▸ Task to carry out:
Each line of the records needs to be written out exactly, with any image left out.

▸ Records for the task:
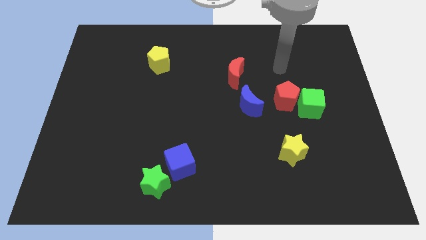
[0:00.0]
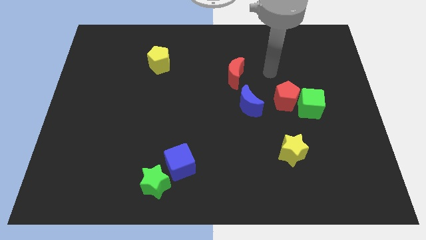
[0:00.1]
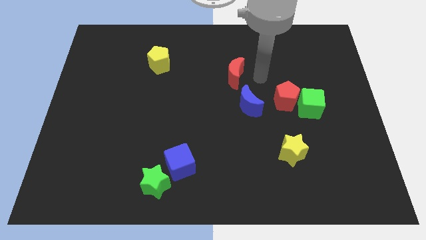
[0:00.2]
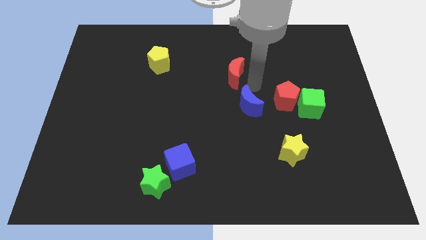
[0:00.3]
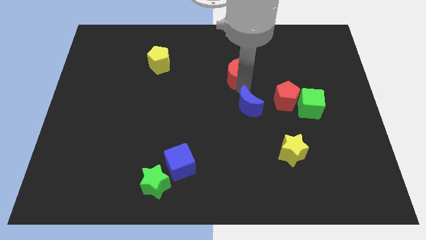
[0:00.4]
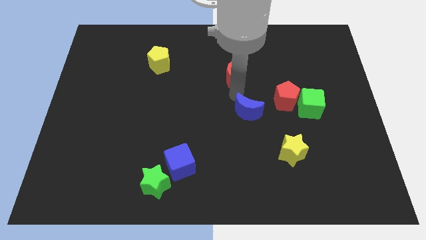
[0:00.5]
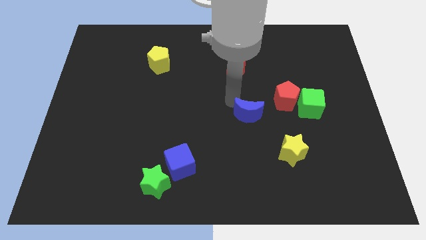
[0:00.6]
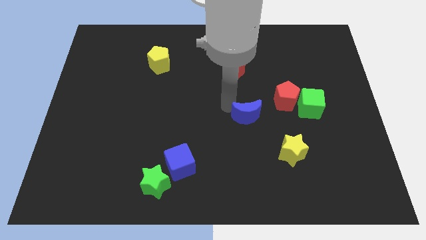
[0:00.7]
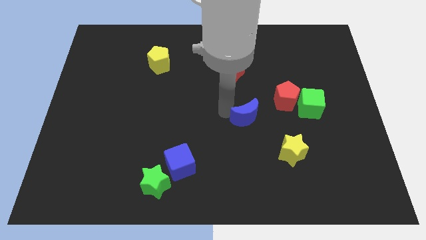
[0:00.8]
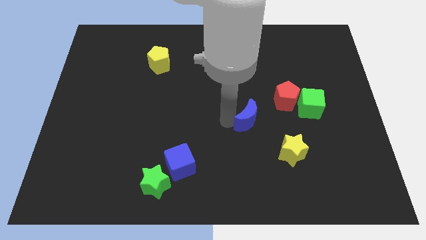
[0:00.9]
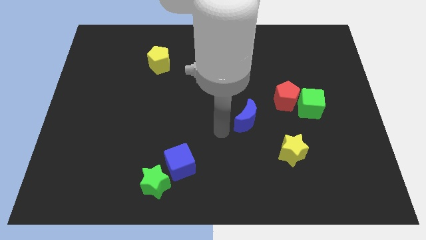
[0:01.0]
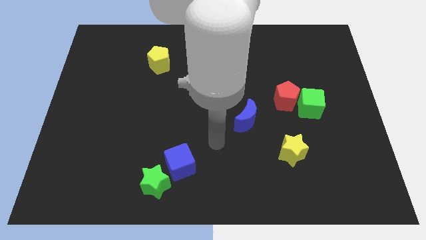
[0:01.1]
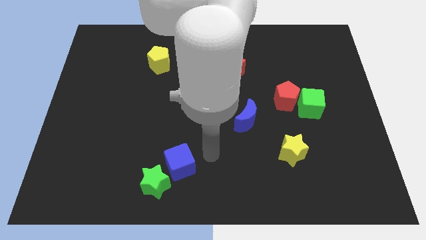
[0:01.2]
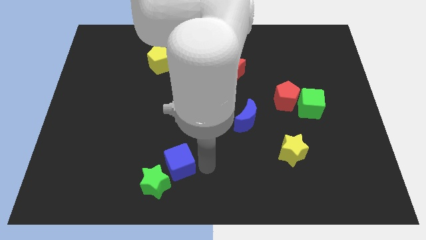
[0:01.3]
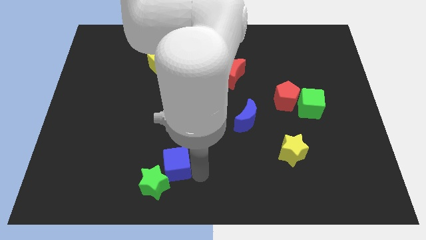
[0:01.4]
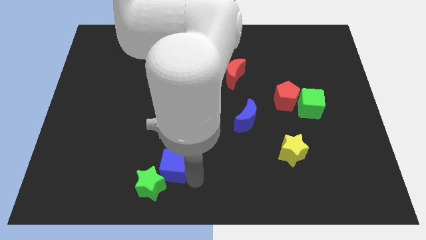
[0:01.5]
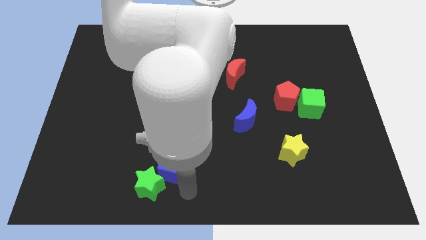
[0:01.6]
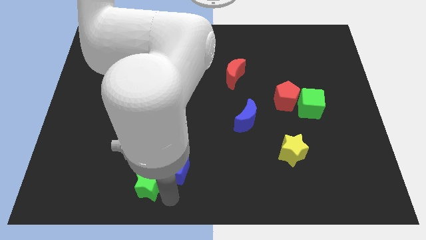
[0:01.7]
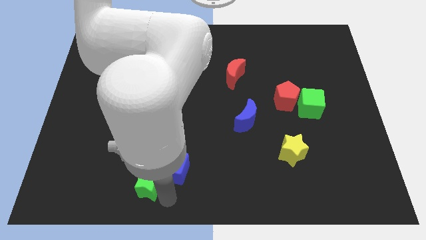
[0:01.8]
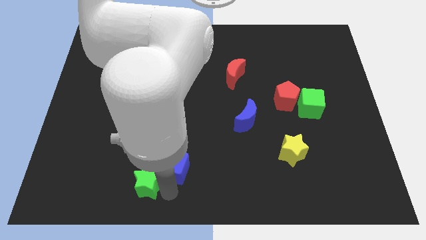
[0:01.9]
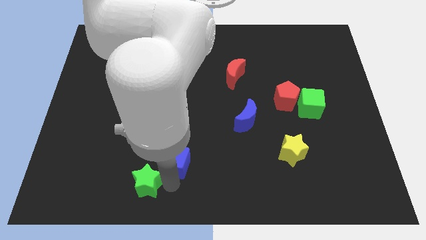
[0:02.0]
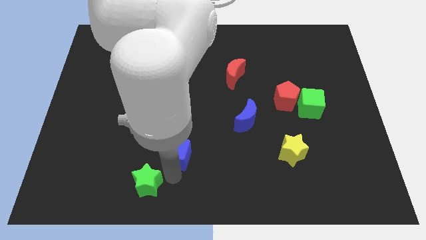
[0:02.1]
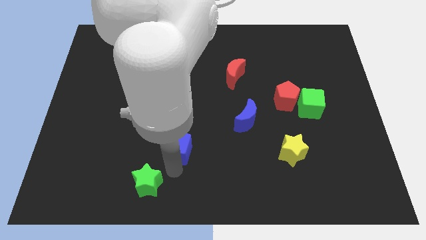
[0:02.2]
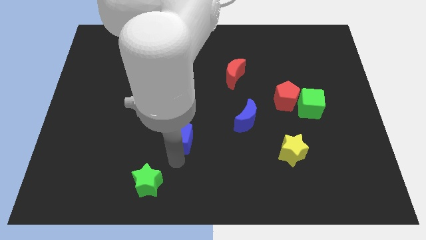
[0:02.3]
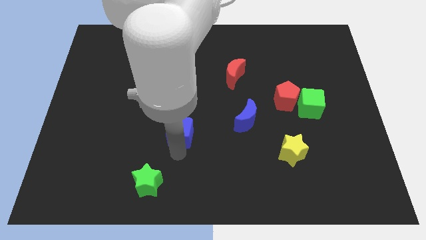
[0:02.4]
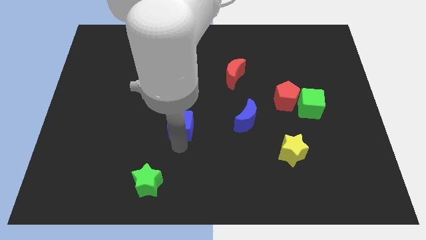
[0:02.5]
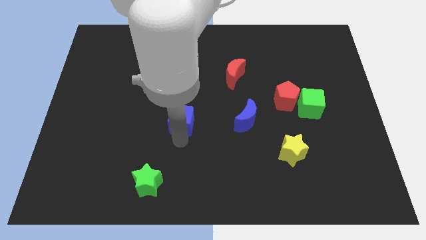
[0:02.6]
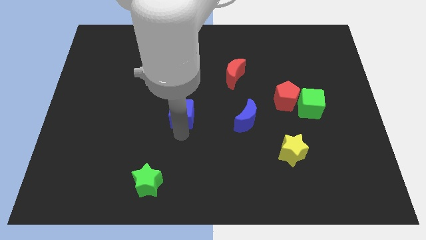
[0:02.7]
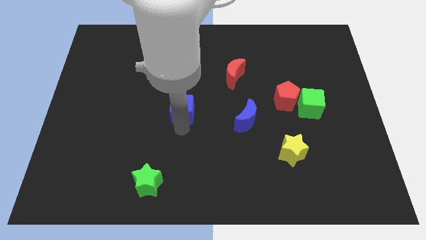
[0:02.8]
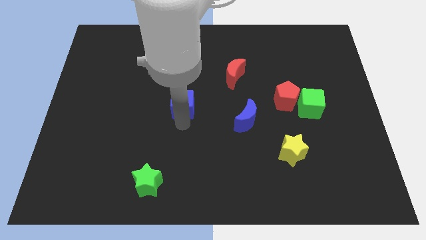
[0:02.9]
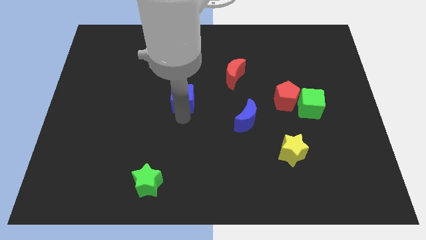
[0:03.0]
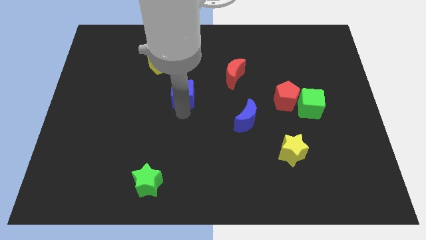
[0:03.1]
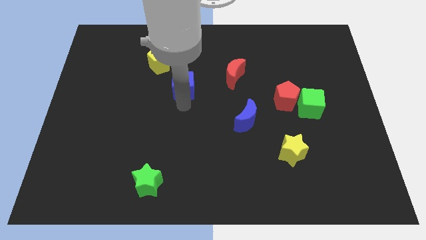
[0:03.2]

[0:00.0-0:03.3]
slide the blue cube upwards

▸ Response:
[0:00.0]
[0:00.1]
[0:00.2]
[0:00.3]
[0:00.4]
[0:00.5]
[0:00.6]
[0:00.7]
[0:00.8]
[0:00.9]
[0:01.0]
[0:01.1]
[0:01.2]
[0:01.3]
[0:01.4]
[0:01.5]
[0:01.6]
[0:01.7]
[0:01.8]
[0:01.9]
[0:02.0]
[0:02.1]
[0:02.2]
[0:02.3]
[0:02.4]
[0:02.5]
[0:02.6]
[0:02.7]
[0:02.8]
[0:02.9]
[0:03.0]
[0:03.1]
[0:03.2]

[0:00.0-0:03.3]
slide the blue cube upwards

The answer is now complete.